[WORK REQUIRED]
Up to the line containing "#1793=DIRECTION('',(-0.5,0.0,-0.866));", nothing is kept; from that line through the end of the data below, output every line exactly.

···

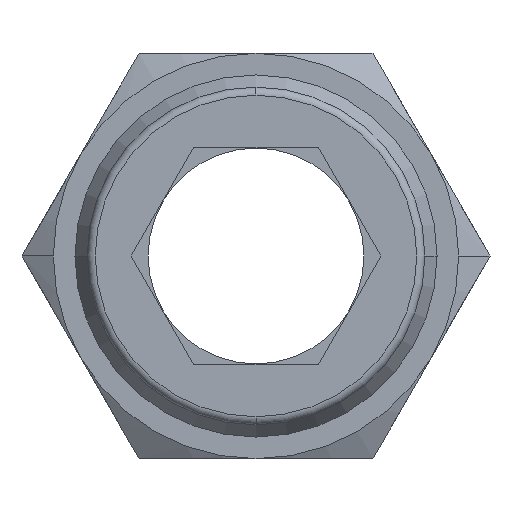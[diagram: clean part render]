
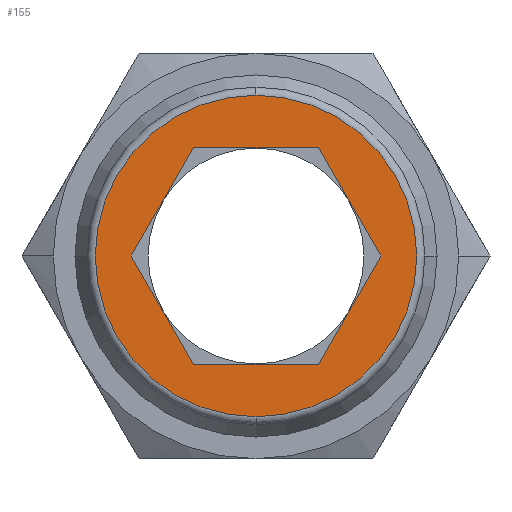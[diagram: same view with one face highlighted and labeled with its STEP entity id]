
A CAD part, front view. The second image highlights one B-rep face of the part: STEP entity #155.
In plain terms, the highlighted planar face has unit normal (0, -1, 0).
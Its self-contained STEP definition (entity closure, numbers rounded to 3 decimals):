
#155=ADVANCED_FACE('',(#313,#314),#315,.T.);
#313=FACE_BOUND('',#472,.T.);
#314=FACE_OUTER_BOUND('',#473,.T.);
#315=PLANE('',#474);
#472=EDGE_LOOP('',(#839,#840,#841,#842,#843,#844));
#473=EDGE_LOOP('',(#845,#846,#847));
#474=AXIS2_PLACEMENT_3D('',#848,#849,#850);
#839=ORIENTED_EDGE('',*,*,#977,.T.);
#840=ORIENTED_EDGE('',*,*,#981,.T.);
#841=ORIENTED_EDGE('',*,*,#1005,.T.);
#842=ORIENTED_EDGE('',*,*,#984,.T.);
#843=ORIENTED_EDGE('',*,*,#1061,.T.);
#844=ORIENTED_EDGE('',*,*,#1033,.T.);
#845=ORIENTED_EDGE('',*,*,#945,.F.);
#846=ORIENTED_EDGE('',*,*,#944,.F.);
#847=ORIENTED_EDGE('',*,*,#1056,.F.);
#848=CARTESIAN_POINT('',(2.975,0.0,0.0));
#849=DIRECTION('',(-0.0,-1.0,-0.0));
#850=DIRECTION('',(-1.0,0.0,0.0));
#944=EDGE_CURVE('',#1122,#1125,#1126,.T.);
#945=EDGE_CURVE('',#1125,#1127,#1128,.T.);
#977=EDGE_CURVE('',#1176,#1177,#1178,.T.);
#981=EDGE_CURVE('',#1177,#1182,#1183,.T.);
#984=EDGE_CURVE('',#1186,#1187,#1188,.T.);
#1005=EDGE_CURVE('',#1182,#1186,#1219,.T.);
#1033=EDGE_CURVE('',#1254,#1176,#1255,.T.);
#1056=EDGE_CURVE('',#1127,#1122,#1279,.T.);
#1061=EDGE_CURVE('',#1187,#1254,#1284,.T.);
#1122=VERTEX_POINT('',#1380);
#1125=VERTEX_POINT('',#1383);
#1126=CIRCLE('',#1384,5.95);
#1127=VERTEX_POINT('',#1385);
#1128=CIRCLE('',#1386,5.95);
#1176=VERTEX_POINT('',#1478);
#1177=VERTEX_POINT('',#1479);
#1178=LINE('',#1480,#1481);
#1182=VERTEX_POINT('',#1487);
#1183=LINE('',#1488,#1489);
#1186=VERTEX_POINT('',#1493);
#1187=VERTEX_POINT('',#1494);
#1188=LINE('',#1495,#1496);
#1219=LINE('',#1556,#1557);
#1254=VERTEX_POINT('',#1624);
#1255=LINE('',#1625,#1626);
#1279=CIRCLE('',#1687,5.95);
#1284=LINE('',#1692,#1693);
#1380=CARTESIAN_POINT('',(0.,0.0,5.95));
#1383=CARTESIAN_POINT('',(5.95,0.0,0.0));
#1384=AXIS2_PLACEMENT_3D('',#1743,#1744,#1745);
#1385=CARTESIAN_POINT('',(0.,0.0,-5.95));
#1386=AXIS2_PLACEMENT_3D('',#1746,#1747,#1748);
#1478=CARTESIAN_POINT('',(2.309,0.0,4.0));
#1479=CARTESIAN_POINT('',(4.619,0.0,0.));
#1480=CARTESIAN_POINT('',(3.836,0.0,1.356));
#1481=VECTOR('',#1790,1.0);
#1487=CARTESIAN_POINT('',(2.309,0.0,-4.0));
#1488=CARTESIAN_POINT('',(3.836,0.0,-1.356));
#1489=VECTOR('',#1793,1.0);
#1493=CARTESIAN_POINT('',(-2.309,0.0,-4.0));
#1494=CARTESIAN_POINT('',(-4.619,0.0,0.));
#1495=CARTESIAN_POINT('',(-3.092,0.0,-2.644));
#1496=VECTOR('',#1795,1.0);
#1556=CARTESIAN_POINT('',(1.488,0.0,-4.0));
#1557=VECTOR('',#1821,1.0);
#1624=CARTESIAN_POINT('',(-2.309,0.0,4.0));
#1625=CARTESIAN_POINT('',(1.488,0.0,4.0));
#1626=VECTOR('',#1850,1.0);
#1687=AXIS2_PLACEMENT_3D('',#1873,#1874,#1875);
#1692=CARTESIAN_POINT('',(-3.092,0.0,2.644));
#1693=VECTOR('',#1879,1.0);
#1743=CARTESIAN_POINT('',(0.0,0.0,0.0));
#1744=DIRECTION('',(-0.0,1.0,0.0));
#1745=DIRECTION('',(1.0,0.0,0.0));
#1746=CARTESIAN_POINT('',(0.0,0.0,0.0));
#1747=DIRECTION('',(-0.0,1.0,0.0));
#1748=DIRECTION('',(1.0,0.0,0.0));
#1790=DIRECTION('',(0.5,0.0,-0.866));
#1793=DIRECTION('',(-0.5,0.0,-0.866));
#1795=DIRECTION('',(-0.5,0.0,0.866));
#1821=DIRECTION('',(-1.0,0.0,0.0));
#1850=DIRECTION('',(1.0,-0.0,0.));
#1873=CARTESIAN_POINT('',(0.0,0.0,0.0));
#1874=DIRECTION('',(-0.0,1.0,0.0));
#1875=DIRECTION('',(1.0,0.0,0.0));
#1879=DIRECTION('',(0.5,-0.0,0.866));

···

[WRITTEN SOLUTION]
#1793=DIRECTION('',(-0.5,0.0,-0.866));
#1795=DIRECTION('',(-0.5,0.0,0.866));
#1821=DIRECTION('',(-1.0,0.0,0.0));
#1850=DIRECTION('',(1.0,-0.0,0.));
#1873=CARTESIAN_POINT('',(0.0,0.0,0.0));
#1874=DIRECTION('',(-0.0,1.0,0.0));
#1875=DIRECTION('',(1.0,0.0,0.0));
#1879=DIRECTION('',(0.5,-0.0,0.866));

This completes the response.